When we developed that program, we’d hoped to reach an audience for whom Design in a Day™ wasn’t quite enough, but who also weren’t quite ready for an intensive, long, customized, strategic process and its price point. We knew what the vast majority of those clients would need, and crafted a solution meeting those needs using our productized services philosophy. (Want to get me talking? Ask me about productized services!)

But what I’ve discovered is that in between is sometimes not the best solution. Every single one of our projects that were under that umbrella quickly morphed into custom projects, with the accompanying timelines, eliminating the big advantage of something streamlined and efficient.

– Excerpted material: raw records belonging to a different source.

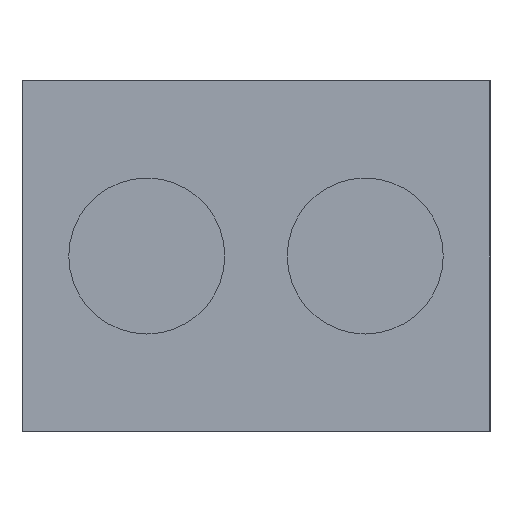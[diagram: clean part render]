
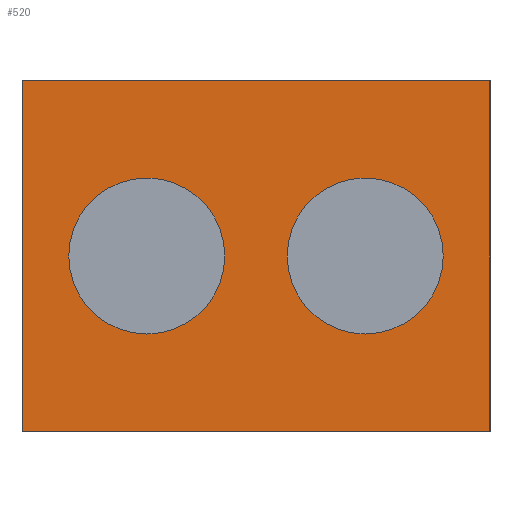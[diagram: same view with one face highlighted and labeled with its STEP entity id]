
A CAD part, left-side view. The second image highlights one B-rep face of the part: STEP entity #520.
In plain terms, the highlighted planar face has unit normal (-1, 0, 0).
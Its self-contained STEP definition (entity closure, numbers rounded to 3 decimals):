
#98 = VERTEX_POINT('',#99);
#99 = CARTESIAN_POINT('',(-23.,-12.,9.));
#105 = EDGE_CURVE('',#106,#98,#108,.T.);
#106 = VERTEX_POINT('',#107);
#107 = CARTESIAN_POINT('',(-23.,0.,9.));
#108 = LINE('',#109,#110);
#109 = CARTESIAN_POINT('',(-23.,0.,9.));
#110 = VECTOR('',#111,1.);
#111 = DIRECTION('',(0.,-1.,0.));
#129 = EDGE_CURVE('',#106,#130,#132,.T.);
#130 = VERTEX_POINT('',#131);
#131 = CARTESIAN_POINT('',(-23.,0.,-0.));
#132 = LINE('',#133,#134);
#133 = CARTESIAN_POINT('',(-23.,0.,9.));
#134 = VECTOR('',#135,1.);
#135 = DIRECTION('',(0.,0.,-1.));
#319 = EDGE_CURVE('',#98,#320,#322,.T.);
#320 = VERTEX_POINT('',#321);
#321 = CARTESIAN_POINT('',(-23.,-12.,0.));
#322 = LINE('',#323,#324);
#323 = CARTESIAN_POINT('',(-23.,-12.,9.));
#324 = VECTOR('',#325,1.);
#325 = DIRECTION('',(0.,0.,-1.));
#520 = ADVANCED_FACE('',(#521,#532,#543),#554,.F.);
#521 = FACE_BOUND('',#522,.F.);
#522 = EDGE_LOOP('',(#523,#524,#525,#531));
#523 = ORIENTED_EDGE('',*,*,#105,.T.);
#524 = ORIENTED_EDGE('',*,*,#319,.T.);
#525 = ORIENTED_EDGE('',*,*,#526,.F.);
#526 = EDGE_CURVE('',#130,#320,#527,.T.);
#527 = LINE('',#528,#529);
#528 = CARTESIAN_POINT('',(-23.,0.,0.));
#529 = VECTOR('',#530,1.);
#530 = DIRECTION('',(0.,-1.,0.));
#531 = ORIENTED_EDGE('',*,*,#129,.F.);
#532 = FACE_BOUND('',#533,.F.);
#533 = EDGE_LOOP('',(#534));
#534 = ORIENTED_EDGE('',*,*,#535,.T.);
#535 = EDGE_CURVE('',#536,#536,#538,.T.);
#536 = VERTEX_POINT('',#537);
#537 = CARTESIAN_POINT('',(-23.,-8.8,2.5));
#538 = CIRCLE('',#539,2.);
#539 = AXIS2_PLACEMENT_3D('',#540,#541,#542);
#540 = CARTESIAN_POINT('',(-23.,-8.8,4.5));
#541 = DIRECTION('',(-1.,0.,0.));
#542 = DIRECTION('',(0.,0.,-1.));
#543 = FACE_BOUND('',#544,.F.);
#544 = EDGE_LOOP('',(#545));
#545 = ORIENTED_EDGE('',*,*,#546,.T.);
#546 = EDGE_CURVE('',#547,#547,#549,.T.);
#547 = VERTEX_POINT('',#548);
#548 = CARTESIAN_POINT('',(-23.,-3.2,2.5));
#549 = CIRCLE('',#550,2.);
#550 = AXIS2_PLACEMENT_3D('',#551,#552,#553);
#551 = CARTESIAN_POINT('',(-23.,-3.2,4.5));
#552 = DIRECTION('',(-1.,0.,0.));
#553 = DIRECTION('',(0.,0.,-1.));
#554 = PLANE('',#555);
#555 = AXIS2_PLACEMENT_3D('',#556,#557,#558);
#556 = CARTESIAN_POINT('',(-23.,0.,9.));
#557 = DIRECTION('',(1.,0.,0.));
#558 = DIRECTION('',(0.,0.,-1.));
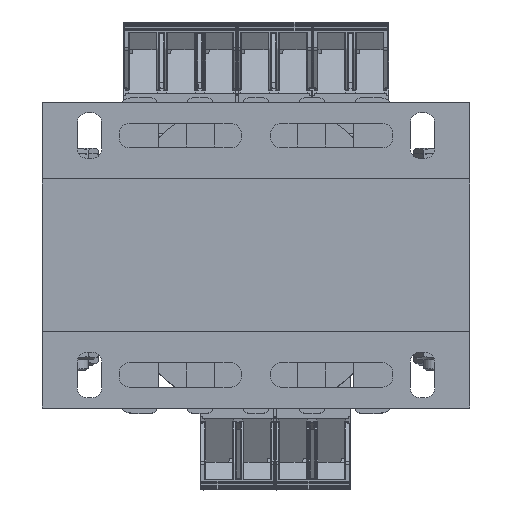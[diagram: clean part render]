
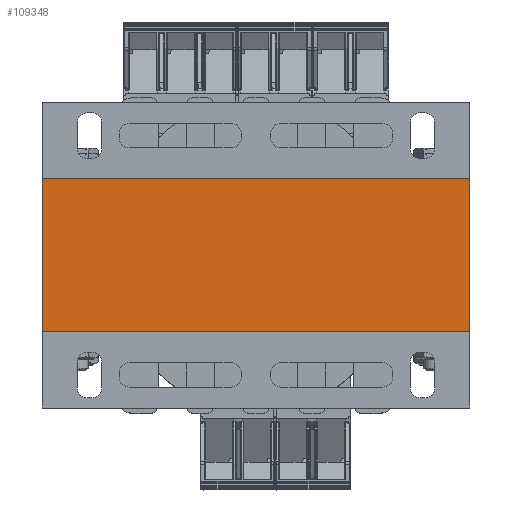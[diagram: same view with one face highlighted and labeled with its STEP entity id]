
A CAD part, top view. The second image highlights one B-rep face of the part: STEP entity #109348.
In plain terms, the highlighted planar face has unit normal (0, 0, 1).
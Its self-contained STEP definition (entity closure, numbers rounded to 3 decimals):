
#6452=PLANE('',#115241);
#11009=FACE_OUTER_BOUND('',#16594,.T.);
#16594=EDGE_LOOP('',(#77331,#77332,#77333,#77334));
#22437=LINE('',#150541,#36172);
#22438=LINE('',#150543,#36173);
#22439=LINE('',#150545,#36174);
#22440=LINE('',#150546,#36175);
#36172=VECTOR('',#122463,1.);
#36173=VECTOR('',#122464,1.);
#36174=VECTOR('',#122465,1.);
#36175=VECTOR('',#122466,1.);
#51422=VERTEX_POINT('',#150539);
#51423=VERTEX_POINT('',#150540);
#51424=VERTEX_POINT('',#150542);
#51425=VERTEX_POINT('',#150544);
#61645=EDGE_CURVE('',#51422,#51423,#22437,.T.);
#61646=EDGE_CURVE('',#51424,#51423,#22438,.T.);
#61647=EDGE_CURVE('',#51424,#51425,#22439,.T.);
#61648=EDGE_CURVE('',#51425,#51422,#22440,.T.);
#77331=ORIENTED_EDGE('',*,*,#61645,.T.);
#77332=ORIENTED_EDGE('',*,*,#61646,.F.);
#77333=ORIENTED_EDGE('',*,*,#61647,.T.);
#77334=ORIENTED_EDGE('',*,*,#61648,.T.);
#109348=ADVANCED_FACE('',(#11009),#6452,.T.);
#115241=AXIS2_PLACEMENT_3D('',#150538,#122461,#122462);
#122461=DIRECTION('center_axis',(0.,0.,1.));
#122462=DIRECTION('ref_axis',(0.,-1.,0.));
#122463=DIRECTION('',(1.,0.,0.));
#122464=DIRECTION('',(0.,-1.,0.));
#122465=DIRECTION('',(-1.,0.,0.));
#122466=DIRECTION('',(0.,-1.,0.));
#150538=CARTESIAN_POINT('Origin',(693.587,1703.578,-92.158));
#150539=CARTESIAN_POINT('',(693.587,1673.578,-92.158));
#150540=CARTESIAN_POINT('',(777.587,1673.578,-92.158));
#150541=CARTESIAN_POINT('',(777.587,1673.578,-92.158));
#150542=CARTESIAN_POINT('',(777.587,1703.578,-92.158));
#150543=CARTESIAN_POINT('',(777.587,1703.578,-92.158));
#150544=CARTESIAN_POINT('',(693.587,1703.578,-92.158));
#150545=CARTESIAN_POINT('',(777.587,1703.578,-92.158));
#150546=CARTESIAN_POINT('',(693.587,1703.578,-92.158));

This experience taught me two things:

1) What I already mentioned, that an in between solution isn’t the best solution, as much as we’d like it to be.

2) It’s okay to kill something, even if it’s working on paper and the numbers pencil out.

I’ve been working really hard at a massive website overhaul of my own, and have been going through the site seeing services and information that simply “exists” but no longer service our clients or our business. (Think of it like Marie Kondo for your business or organization.)

And I’ve been ruthless with killing that stuff. The service I mentioned above is definitely the biggest and most successful thing that I chose to eliminate, and while thinking about getting rid of it made me anxious (like I said, the pricing bridge between DIAD and our more traditional process made it reasonably popular), redirecting those links was like a giant weight was gone. But lots of little things also got the ax. That relatively popular blog post that, in retrospect, raised more questions than it answered? Gone. That page about ecommerce even though we haven’t taken on a traditional ecomm project in at least two years? Goodbye! If someone asks for that info, we’re happy to send it, but it doesn’t need to be taking up space and confusing people.

When I talk to clients, I often hear the refrain, “We need to keep that because some people still want it.” But my question is, do they still NEED it? Or, rather, is it getting in the way of your longterm goals and preventing you from helping your audience as much as you can? The answer may surprise you.